The inhibition assay of α-2,3-ST was done as described by Schmidt¹⁵ using CMP-Neu5Ac as a substrate and the modified disaccharide¹⁶ with a 4,5-dimethoxy-2-nitrobenzyl group as a UV-labelled acceptor (Scheme 3). To enhance the potency in compound 2, we initially prepared four derivatives 4–5 and 27–28 with alternations of the succinyl ester unit. However, efforts to improve the IC₅₀ were unsuccessful, for example, replacement of the succinyl moiety of 2 with aspartyl, phosphate, Tyr, or Lys either reduced inhibitory activity (IC₅₀ > 350 µM for 4–5) or gave a product displaying no biological functions (27–28) toward α-2,3-ST (Table 1).
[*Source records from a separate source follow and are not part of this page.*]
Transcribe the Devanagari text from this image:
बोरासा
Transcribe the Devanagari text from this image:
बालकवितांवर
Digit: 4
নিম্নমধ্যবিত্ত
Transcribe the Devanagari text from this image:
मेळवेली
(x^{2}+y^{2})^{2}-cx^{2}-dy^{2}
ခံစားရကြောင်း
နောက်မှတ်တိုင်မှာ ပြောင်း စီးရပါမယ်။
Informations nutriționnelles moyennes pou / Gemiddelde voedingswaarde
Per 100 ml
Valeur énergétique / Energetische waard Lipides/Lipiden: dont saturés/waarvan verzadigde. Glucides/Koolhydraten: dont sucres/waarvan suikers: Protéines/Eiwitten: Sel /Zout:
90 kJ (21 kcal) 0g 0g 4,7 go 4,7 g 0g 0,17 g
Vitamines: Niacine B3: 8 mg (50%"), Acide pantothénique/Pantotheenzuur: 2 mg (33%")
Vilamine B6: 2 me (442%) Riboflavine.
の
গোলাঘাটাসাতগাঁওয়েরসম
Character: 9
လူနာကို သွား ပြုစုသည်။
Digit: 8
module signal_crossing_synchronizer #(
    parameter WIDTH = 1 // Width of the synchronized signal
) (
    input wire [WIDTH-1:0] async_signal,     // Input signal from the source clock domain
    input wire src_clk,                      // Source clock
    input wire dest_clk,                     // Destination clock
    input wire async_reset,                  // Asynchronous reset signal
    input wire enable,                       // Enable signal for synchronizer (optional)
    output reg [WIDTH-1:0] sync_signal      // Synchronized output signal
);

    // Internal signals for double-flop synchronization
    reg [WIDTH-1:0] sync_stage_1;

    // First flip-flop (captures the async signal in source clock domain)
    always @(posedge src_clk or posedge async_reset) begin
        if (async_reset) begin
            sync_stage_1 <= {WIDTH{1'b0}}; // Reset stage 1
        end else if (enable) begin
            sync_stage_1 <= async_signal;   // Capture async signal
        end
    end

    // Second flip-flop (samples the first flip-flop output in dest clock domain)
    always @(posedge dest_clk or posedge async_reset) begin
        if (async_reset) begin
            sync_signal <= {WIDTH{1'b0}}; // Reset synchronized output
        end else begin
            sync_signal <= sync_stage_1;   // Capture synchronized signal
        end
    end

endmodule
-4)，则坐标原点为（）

In addition, a minor influence on the inhibitory property (IC₅₀ = 450 µM for 6) of the α isomer of 2 has been observed, suggesting negligible interaction in the recognition of epiandrosterone/androsterone analogues with succinyl-stereochemistry by the enzyme.

Scheme 3 α-2,3-ST catalyzed sialylation of acceptor.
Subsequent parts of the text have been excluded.